*** DATA IN THIS EXERCISE ***

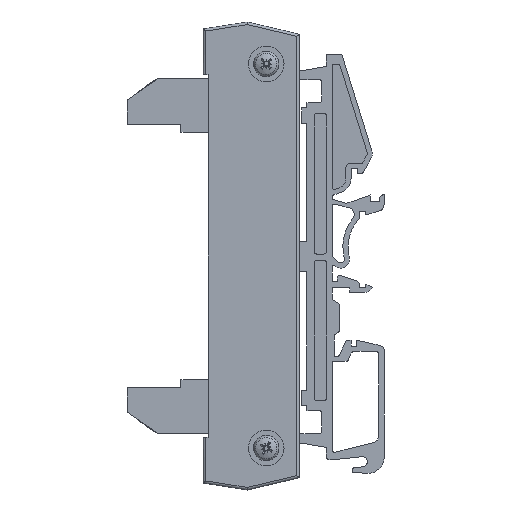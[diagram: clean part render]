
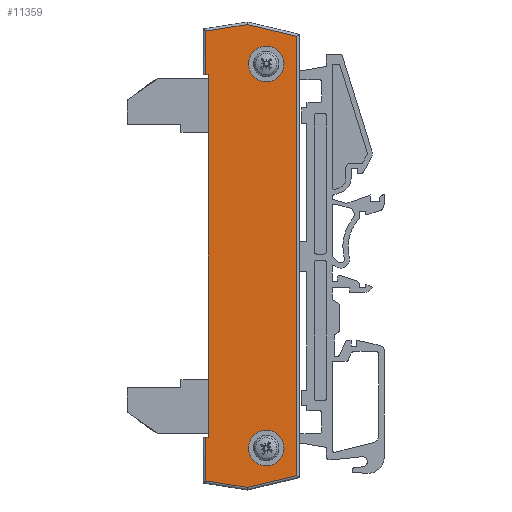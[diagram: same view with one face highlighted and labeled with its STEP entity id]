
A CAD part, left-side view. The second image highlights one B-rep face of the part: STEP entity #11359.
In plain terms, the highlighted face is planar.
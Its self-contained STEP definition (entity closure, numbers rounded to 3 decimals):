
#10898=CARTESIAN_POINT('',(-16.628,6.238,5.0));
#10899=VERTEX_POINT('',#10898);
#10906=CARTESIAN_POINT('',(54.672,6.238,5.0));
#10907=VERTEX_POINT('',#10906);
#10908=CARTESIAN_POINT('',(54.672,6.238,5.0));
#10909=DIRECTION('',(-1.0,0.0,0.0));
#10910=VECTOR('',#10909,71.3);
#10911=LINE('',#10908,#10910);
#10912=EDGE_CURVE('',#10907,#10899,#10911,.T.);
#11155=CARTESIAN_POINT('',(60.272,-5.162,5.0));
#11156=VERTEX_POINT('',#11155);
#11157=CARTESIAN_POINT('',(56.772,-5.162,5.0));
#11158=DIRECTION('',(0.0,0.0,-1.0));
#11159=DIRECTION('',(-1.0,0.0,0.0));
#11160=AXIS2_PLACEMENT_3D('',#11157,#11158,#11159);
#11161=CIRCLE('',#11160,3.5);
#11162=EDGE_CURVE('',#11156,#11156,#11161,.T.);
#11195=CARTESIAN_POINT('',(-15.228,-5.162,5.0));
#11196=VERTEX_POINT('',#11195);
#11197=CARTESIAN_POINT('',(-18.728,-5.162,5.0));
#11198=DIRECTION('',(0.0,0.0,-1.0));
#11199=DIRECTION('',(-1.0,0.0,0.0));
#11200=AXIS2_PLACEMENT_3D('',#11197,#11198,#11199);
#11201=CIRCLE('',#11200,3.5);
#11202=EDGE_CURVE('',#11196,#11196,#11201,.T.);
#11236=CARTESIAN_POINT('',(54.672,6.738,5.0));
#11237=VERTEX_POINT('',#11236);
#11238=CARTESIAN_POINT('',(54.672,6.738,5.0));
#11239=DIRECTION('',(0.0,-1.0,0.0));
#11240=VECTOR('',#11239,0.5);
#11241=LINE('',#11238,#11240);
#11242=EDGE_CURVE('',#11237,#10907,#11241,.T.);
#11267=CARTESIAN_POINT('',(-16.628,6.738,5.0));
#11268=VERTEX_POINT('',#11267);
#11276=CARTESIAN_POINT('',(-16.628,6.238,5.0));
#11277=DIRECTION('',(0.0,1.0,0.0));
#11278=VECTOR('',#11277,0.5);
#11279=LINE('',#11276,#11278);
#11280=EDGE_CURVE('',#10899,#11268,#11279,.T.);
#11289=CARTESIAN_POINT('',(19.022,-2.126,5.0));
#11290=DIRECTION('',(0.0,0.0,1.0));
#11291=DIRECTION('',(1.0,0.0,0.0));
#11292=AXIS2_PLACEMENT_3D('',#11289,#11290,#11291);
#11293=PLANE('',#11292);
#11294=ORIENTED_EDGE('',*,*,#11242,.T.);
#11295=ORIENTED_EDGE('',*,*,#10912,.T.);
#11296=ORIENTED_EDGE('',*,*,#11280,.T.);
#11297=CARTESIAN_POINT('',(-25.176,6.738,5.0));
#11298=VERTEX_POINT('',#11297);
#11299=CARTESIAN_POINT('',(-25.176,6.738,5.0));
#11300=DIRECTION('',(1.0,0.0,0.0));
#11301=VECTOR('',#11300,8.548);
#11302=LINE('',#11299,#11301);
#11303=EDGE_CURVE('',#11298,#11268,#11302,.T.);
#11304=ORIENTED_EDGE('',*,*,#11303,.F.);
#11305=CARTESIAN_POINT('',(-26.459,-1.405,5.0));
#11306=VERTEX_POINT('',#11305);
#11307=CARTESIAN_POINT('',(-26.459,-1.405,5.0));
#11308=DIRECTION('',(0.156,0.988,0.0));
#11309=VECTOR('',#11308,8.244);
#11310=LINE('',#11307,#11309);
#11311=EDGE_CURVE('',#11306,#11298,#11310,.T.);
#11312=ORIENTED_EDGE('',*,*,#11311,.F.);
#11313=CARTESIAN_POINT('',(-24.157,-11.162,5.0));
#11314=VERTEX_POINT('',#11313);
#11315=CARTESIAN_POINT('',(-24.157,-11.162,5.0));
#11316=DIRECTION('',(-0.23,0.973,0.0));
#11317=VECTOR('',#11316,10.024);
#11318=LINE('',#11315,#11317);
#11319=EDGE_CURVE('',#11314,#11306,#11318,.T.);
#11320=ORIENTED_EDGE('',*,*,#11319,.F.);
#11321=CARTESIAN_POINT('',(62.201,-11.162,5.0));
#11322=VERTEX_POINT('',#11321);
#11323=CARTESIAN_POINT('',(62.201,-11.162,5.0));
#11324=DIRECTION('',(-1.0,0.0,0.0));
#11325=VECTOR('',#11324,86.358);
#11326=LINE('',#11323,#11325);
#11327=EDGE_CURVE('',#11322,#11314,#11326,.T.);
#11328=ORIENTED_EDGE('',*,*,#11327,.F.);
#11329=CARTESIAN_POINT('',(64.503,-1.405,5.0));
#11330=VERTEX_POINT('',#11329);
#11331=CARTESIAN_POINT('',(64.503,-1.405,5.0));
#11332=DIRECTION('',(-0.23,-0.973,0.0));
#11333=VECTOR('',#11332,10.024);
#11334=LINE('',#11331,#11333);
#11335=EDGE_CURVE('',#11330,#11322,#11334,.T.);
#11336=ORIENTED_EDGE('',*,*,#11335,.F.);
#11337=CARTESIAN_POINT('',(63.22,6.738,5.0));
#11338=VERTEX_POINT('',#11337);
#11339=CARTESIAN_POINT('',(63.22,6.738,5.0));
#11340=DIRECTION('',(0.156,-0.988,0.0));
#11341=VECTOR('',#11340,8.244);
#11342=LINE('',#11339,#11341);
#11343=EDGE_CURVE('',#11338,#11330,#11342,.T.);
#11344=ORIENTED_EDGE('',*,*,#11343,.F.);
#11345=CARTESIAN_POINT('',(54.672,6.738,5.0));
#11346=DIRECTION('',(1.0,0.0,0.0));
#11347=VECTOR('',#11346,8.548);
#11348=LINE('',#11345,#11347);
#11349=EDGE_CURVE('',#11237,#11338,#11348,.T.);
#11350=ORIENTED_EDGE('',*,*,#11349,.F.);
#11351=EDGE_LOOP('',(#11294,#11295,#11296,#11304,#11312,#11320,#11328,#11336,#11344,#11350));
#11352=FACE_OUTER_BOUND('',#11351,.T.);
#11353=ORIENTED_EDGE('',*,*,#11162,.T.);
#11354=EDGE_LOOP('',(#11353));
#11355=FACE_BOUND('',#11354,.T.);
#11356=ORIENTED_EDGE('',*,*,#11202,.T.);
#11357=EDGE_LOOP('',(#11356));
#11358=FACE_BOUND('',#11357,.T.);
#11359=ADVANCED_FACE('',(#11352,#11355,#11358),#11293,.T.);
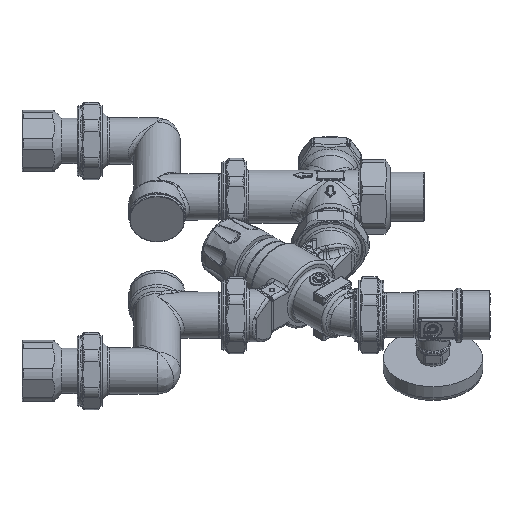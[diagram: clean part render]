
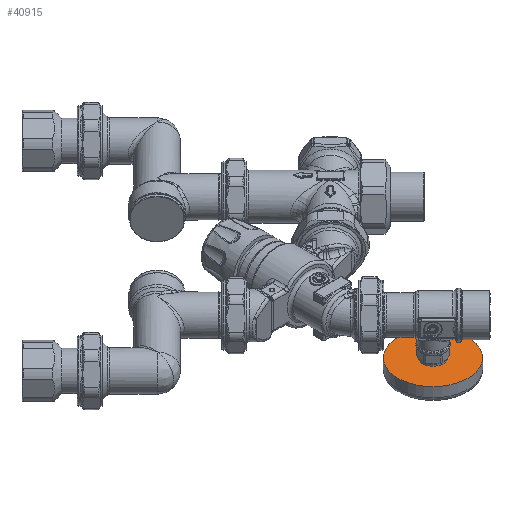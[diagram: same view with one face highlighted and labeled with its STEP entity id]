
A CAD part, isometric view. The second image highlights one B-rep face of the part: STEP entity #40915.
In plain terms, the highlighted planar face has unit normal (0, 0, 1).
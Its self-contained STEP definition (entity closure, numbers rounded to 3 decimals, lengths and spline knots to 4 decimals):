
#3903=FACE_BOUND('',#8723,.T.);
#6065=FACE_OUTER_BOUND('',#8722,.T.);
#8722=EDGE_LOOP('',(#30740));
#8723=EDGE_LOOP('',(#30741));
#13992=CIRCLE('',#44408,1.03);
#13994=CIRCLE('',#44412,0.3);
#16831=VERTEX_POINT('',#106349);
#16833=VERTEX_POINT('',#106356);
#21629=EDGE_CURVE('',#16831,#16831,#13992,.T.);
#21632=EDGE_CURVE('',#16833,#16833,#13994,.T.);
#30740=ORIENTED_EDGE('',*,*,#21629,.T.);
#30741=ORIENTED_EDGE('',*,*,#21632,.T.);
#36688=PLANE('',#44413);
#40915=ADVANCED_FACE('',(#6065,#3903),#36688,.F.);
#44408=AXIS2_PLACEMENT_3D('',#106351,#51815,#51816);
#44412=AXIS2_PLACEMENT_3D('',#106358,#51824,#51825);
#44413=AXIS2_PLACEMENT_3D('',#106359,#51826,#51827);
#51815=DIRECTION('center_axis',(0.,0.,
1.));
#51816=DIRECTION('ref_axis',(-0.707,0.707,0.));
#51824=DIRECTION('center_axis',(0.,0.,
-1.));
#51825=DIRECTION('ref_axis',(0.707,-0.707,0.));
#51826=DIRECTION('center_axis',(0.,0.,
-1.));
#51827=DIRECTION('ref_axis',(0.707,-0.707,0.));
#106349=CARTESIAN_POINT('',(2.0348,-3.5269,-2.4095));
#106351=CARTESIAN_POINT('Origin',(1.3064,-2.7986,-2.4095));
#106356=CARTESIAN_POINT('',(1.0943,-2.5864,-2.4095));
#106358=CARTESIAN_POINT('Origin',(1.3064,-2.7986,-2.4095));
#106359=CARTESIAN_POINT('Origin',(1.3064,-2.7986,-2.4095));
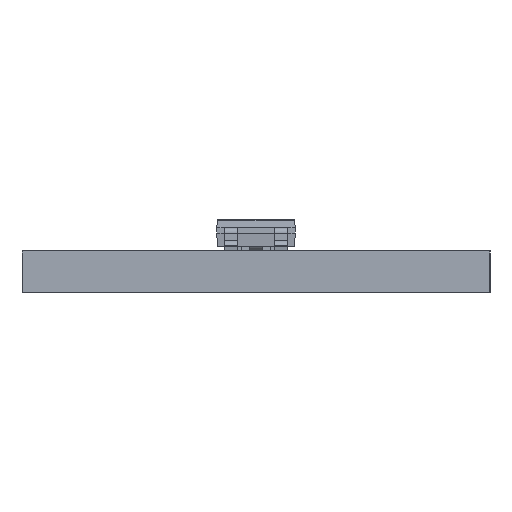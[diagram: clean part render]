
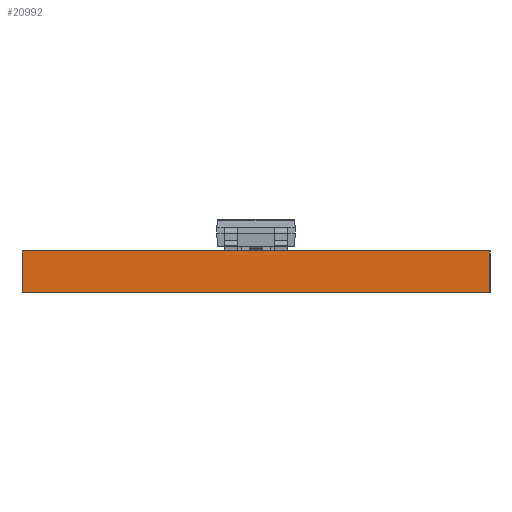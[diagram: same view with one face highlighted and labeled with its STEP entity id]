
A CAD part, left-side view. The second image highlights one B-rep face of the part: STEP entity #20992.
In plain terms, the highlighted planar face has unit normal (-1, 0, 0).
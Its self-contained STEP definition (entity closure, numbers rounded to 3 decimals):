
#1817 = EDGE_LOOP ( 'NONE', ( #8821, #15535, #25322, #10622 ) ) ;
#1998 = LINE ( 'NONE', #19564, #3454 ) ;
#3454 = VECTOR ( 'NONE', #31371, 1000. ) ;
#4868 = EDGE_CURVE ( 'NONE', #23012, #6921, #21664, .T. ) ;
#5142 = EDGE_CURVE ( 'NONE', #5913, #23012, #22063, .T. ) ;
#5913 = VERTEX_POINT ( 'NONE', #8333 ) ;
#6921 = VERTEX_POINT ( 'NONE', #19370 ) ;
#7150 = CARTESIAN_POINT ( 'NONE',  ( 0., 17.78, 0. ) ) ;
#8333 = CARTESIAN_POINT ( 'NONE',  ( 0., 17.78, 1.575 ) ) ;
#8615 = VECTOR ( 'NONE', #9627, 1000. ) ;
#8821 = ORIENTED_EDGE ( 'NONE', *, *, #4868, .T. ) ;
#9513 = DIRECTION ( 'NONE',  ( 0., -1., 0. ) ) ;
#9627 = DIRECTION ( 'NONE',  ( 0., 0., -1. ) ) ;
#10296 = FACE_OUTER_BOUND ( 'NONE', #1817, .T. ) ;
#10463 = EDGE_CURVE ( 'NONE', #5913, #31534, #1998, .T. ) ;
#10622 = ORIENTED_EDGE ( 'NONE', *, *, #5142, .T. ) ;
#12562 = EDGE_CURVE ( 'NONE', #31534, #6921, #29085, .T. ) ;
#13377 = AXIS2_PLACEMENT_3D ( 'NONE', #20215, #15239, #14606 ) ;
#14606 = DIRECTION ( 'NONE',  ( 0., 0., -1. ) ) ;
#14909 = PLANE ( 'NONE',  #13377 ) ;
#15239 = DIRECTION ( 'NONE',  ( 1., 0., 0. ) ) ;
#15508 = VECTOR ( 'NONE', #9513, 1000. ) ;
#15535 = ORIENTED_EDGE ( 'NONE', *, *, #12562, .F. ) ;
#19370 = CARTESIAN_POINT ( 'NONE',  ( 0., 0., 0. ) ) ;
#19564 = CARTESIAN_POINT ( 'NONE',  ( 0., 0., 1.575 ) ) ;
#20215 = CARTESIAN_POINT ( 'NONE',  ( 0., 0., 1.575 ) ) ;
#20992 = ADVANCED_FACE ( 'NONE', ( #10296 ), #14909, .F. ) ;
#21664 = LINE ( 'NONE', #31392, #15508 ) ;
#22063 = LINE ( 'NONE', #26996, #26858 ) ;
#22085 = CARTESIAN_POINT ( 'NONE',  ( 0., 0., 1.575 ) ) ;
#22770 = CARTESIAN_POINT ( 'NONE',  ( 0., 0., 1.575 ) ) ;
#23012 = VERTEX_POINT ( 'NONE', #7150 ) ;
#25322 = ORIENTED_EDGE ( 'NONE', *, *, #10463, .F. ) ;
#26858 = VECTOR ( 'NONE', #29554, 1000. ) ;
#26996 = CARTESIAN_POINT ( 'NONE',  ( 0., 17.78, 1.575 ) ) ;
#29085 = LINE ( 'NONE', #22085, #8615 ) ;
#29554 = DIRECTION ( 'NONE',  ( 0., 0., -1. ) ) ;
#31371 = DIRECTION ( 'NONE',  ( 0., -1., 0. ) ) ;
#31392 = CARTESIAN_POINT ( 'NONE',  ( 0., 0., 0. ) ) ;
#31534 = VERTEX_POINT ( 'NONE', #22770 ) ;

*** End of DATA IN THIS EXERCISE ***

__TASK DETAILS__. Could you reproduce, exactly, every line above from the line with "#11350=ORIENTED_EDGE('',*,*,#11349,.F.);" to the line with "#11354=EDGE_LOOP('',(#11353));", and no other line? Both ends count.

__RESULT OF THE TASK__.
#11350=ORIENTED_EDGE('',*,*,#11349,.F.);
#11351=EDGE_LOOP('',(#11294,#11295,#11296,#11304,#11312,#11320,#11328,#11336,#11344,#11350));
#11352=FACE_OUTER_BOUND('',#11351,.T.);
#11353=ORIENTED_EDGE('',*,*,#11162,.T.);
#11354=EDGE_LOOP('',(#11353));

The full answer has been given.